_Instructions to follow:_
Although the listing contains pictures, reproduce only its text, exactly as written.

_Records shown:_
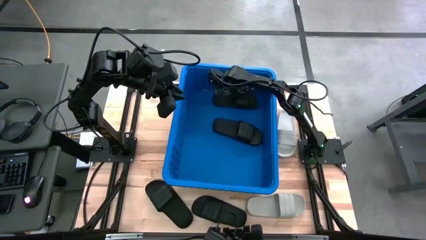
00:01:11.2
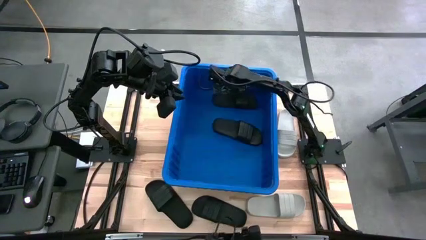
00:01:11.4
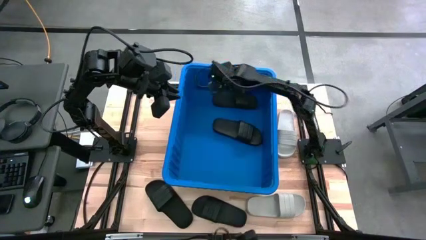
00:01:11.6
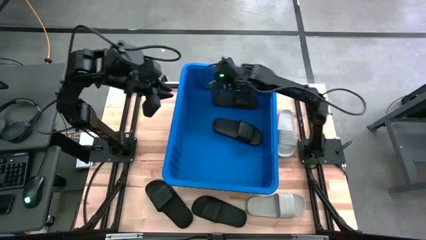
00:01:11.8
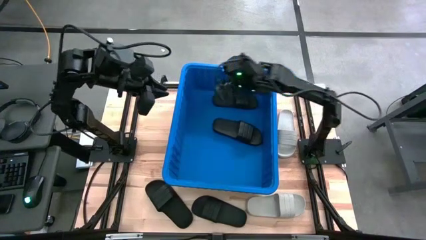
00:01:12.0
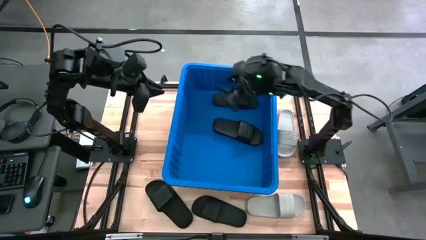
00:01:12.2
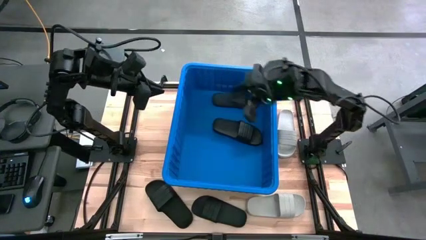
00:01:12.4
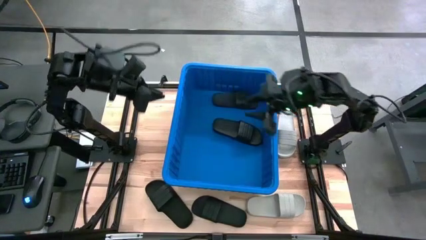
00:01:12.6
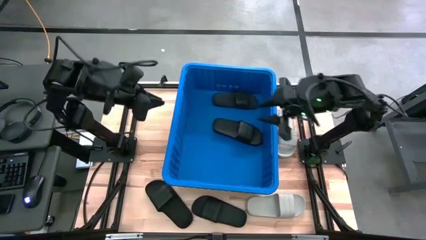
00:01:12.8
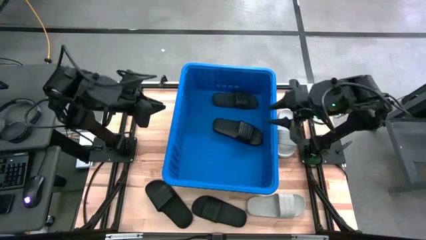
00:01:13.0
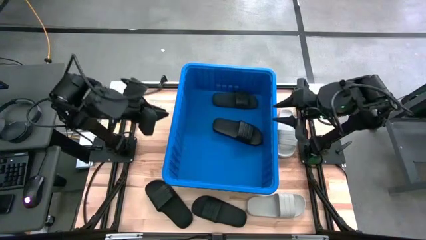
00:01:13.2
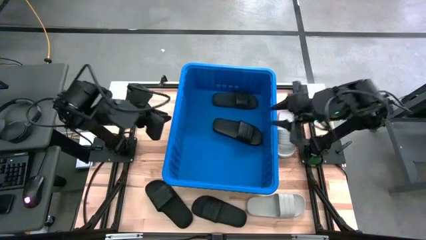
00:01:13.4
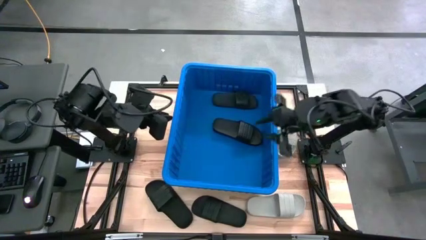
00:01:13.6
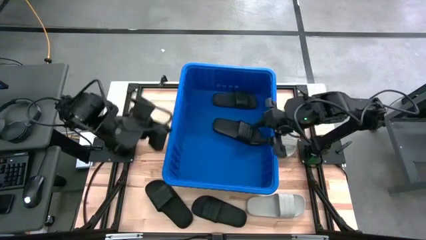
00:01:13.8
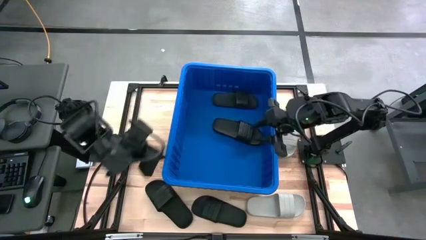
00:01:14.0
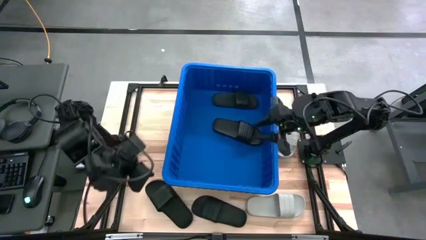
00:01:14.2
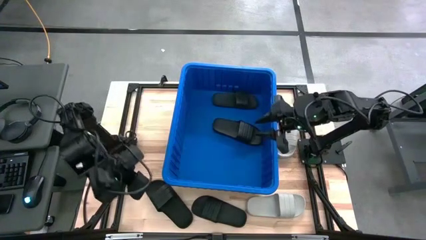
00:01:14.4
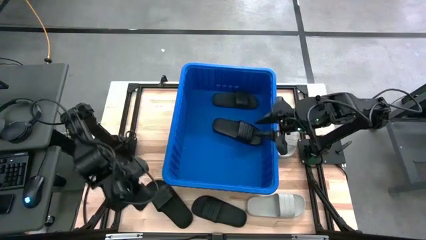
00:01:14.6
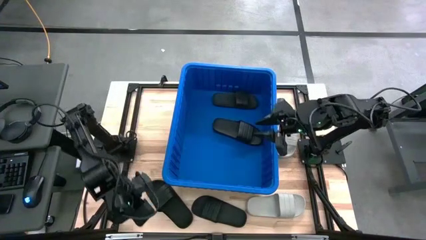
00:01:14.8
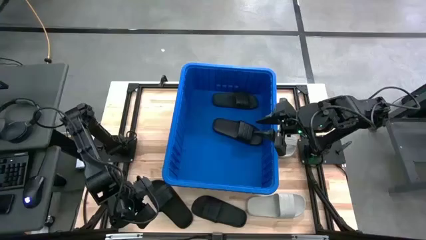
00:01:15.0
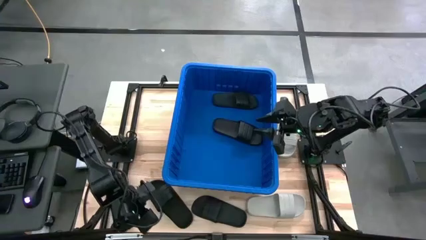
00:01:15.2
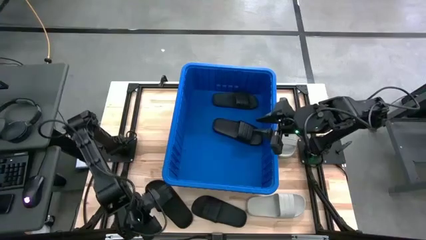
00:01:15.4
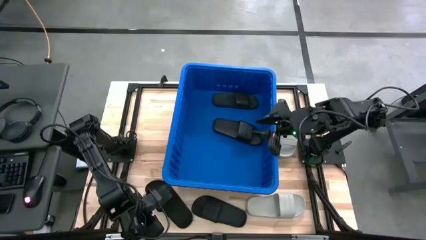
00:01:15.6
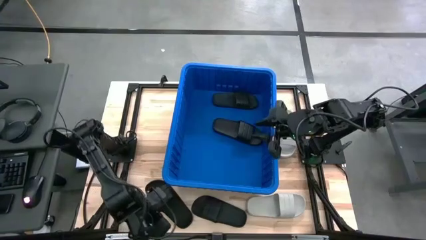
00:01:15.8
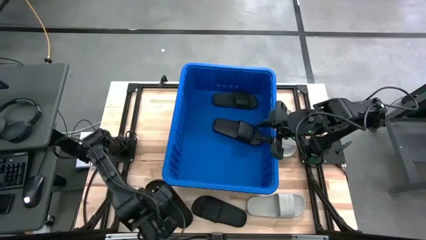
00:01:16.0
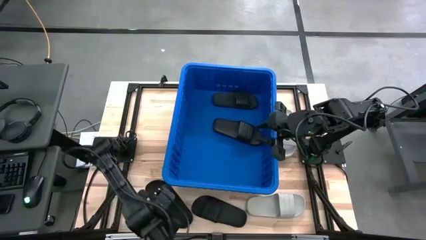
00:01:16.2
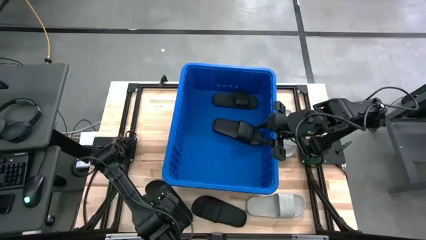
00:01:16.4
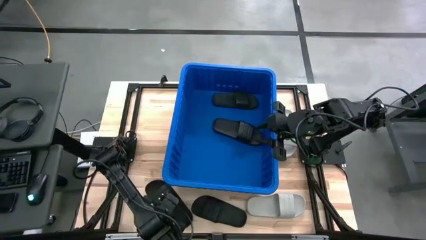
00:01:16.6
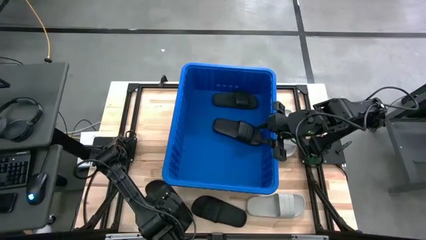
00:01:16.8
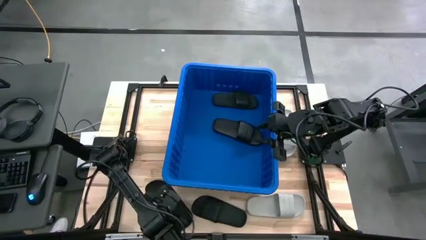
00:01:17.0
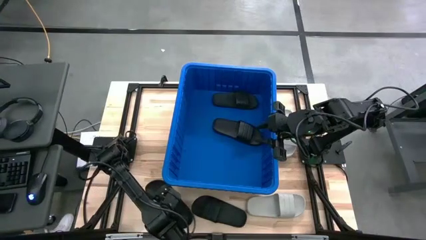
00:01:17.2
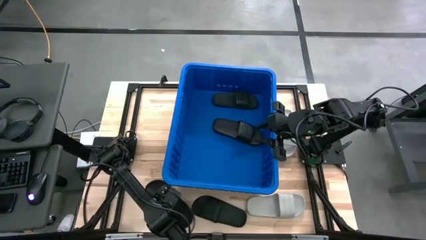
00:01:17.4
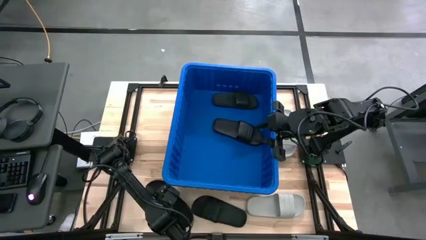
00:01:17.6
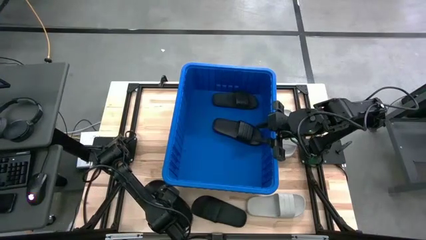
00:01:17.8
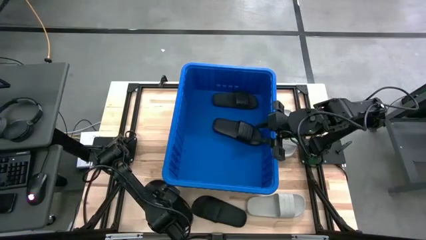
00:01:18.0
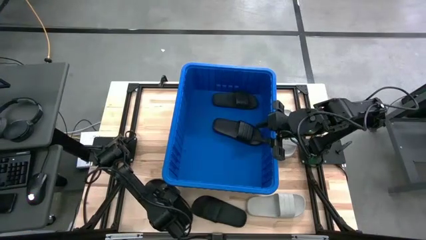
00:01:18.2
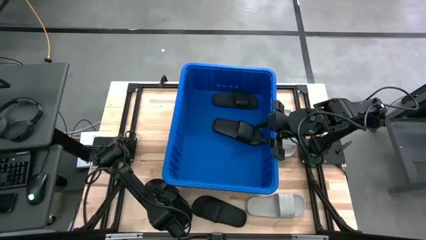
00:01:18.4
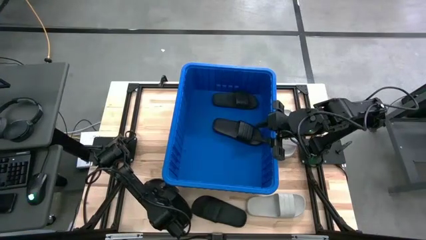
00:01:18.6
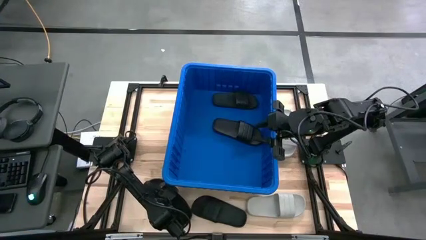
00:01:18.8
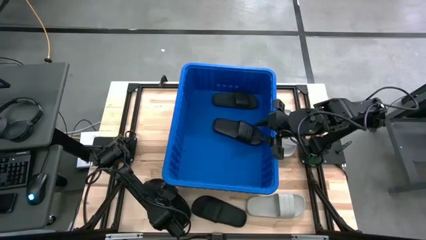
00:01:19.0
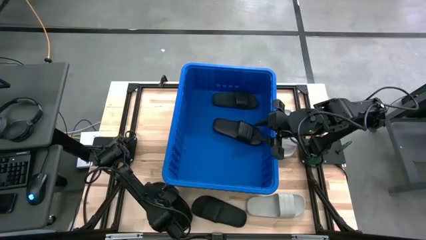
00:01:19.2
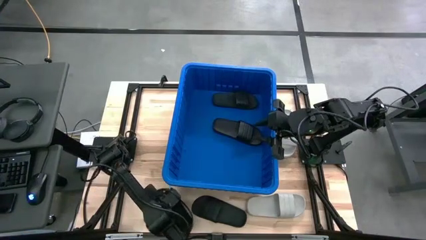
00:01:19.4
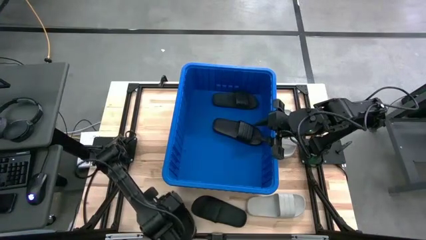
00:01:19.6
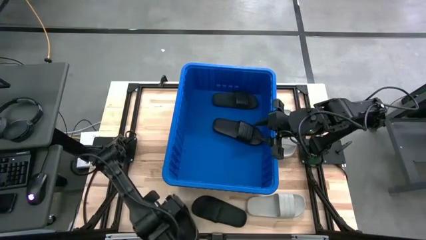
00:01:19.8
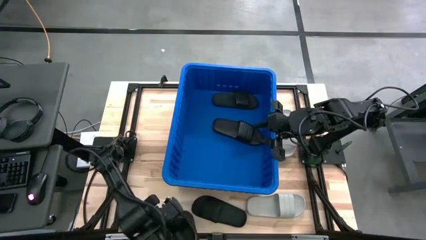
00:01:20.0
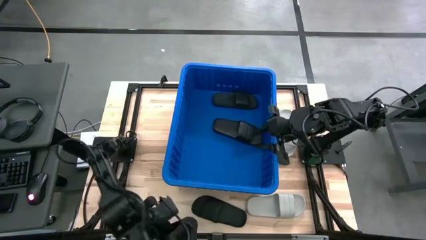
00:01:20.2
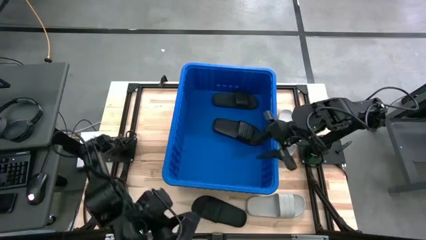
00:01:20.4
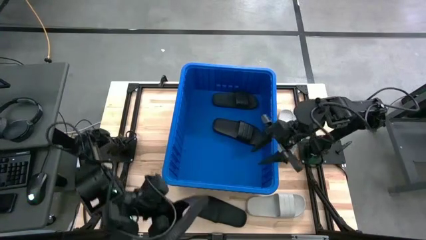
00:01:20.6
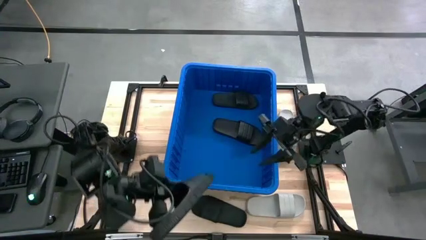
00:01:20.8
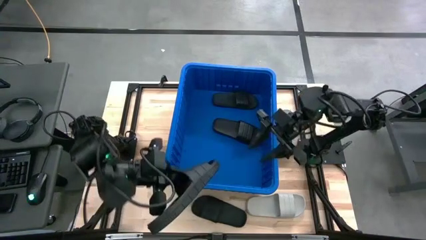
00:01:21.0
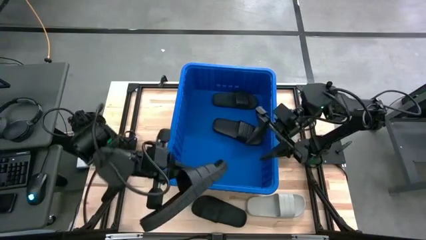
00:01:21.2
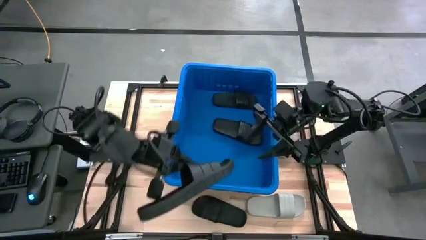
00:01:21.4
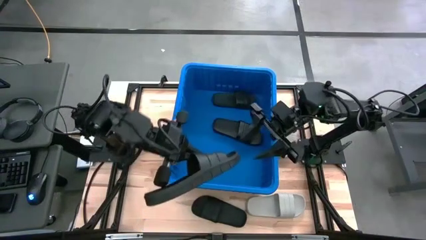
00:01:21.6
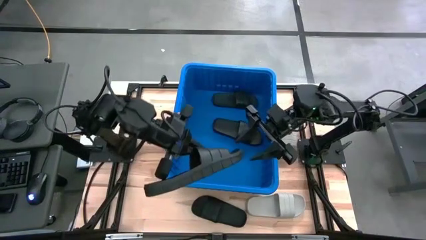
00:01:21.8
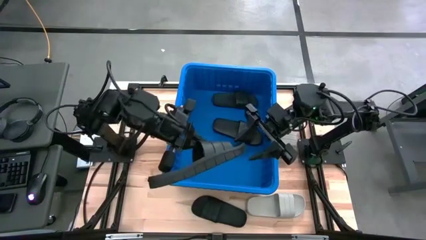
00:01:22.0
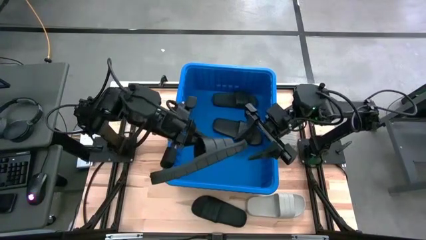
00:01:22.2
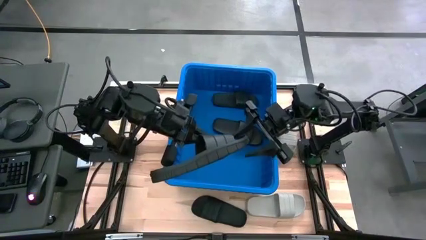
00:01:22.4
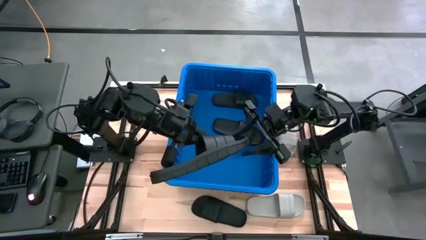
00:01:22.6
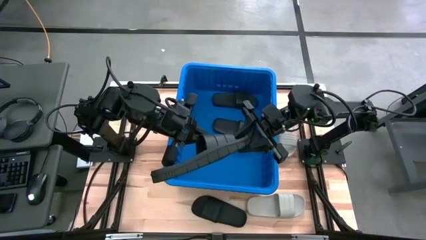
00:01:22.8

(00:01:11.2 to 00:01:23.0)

_Exercise response:_
00:01:11.2
00:01:11.4
00:01:11.6
00:01:11.8
00:01:12.0
00:01:12.2
00:01:12.4
00:01:12.6
00:01:12.8
00:01:13.0
00:01:13.2
00:01:13.4
00:01:13.6
00:01:13.8
00:01:14.0
00:01:14.2
00:01:14.4
00:01:14.6
00:01:14.8
00:01:15.0
00:01:15.2
00:01:15.4
00:01:15.6
00:01:15.8
00:01:16.0
00:01:16.2
00:01:16.4
00:01:16.6
00:01:16.8
00:01:17.0
00:01:17.2
00:01:17.4
00:01:17.6
00:01:17.8
00:01:18.0
00:01:18.2
00:01:18.4
00:01:18.6
00:01:18.8
00:01:19.0
00:01:19.2
00:01:19.4
00:01:19.6
00:01:19.8
00:01:20.0
00:01:20.2
00:01:20.4
00:01:20.6
00:01:20.8
00:01:21.0
00:01:21.2
00:01:21.4
00:01:21.6
00:01:21.8
00:01:22.0
00:01:22.2
00:01:22.4
00:01:22.6
00:01:22.8

(00:01:11.2 to 00:01:23.0)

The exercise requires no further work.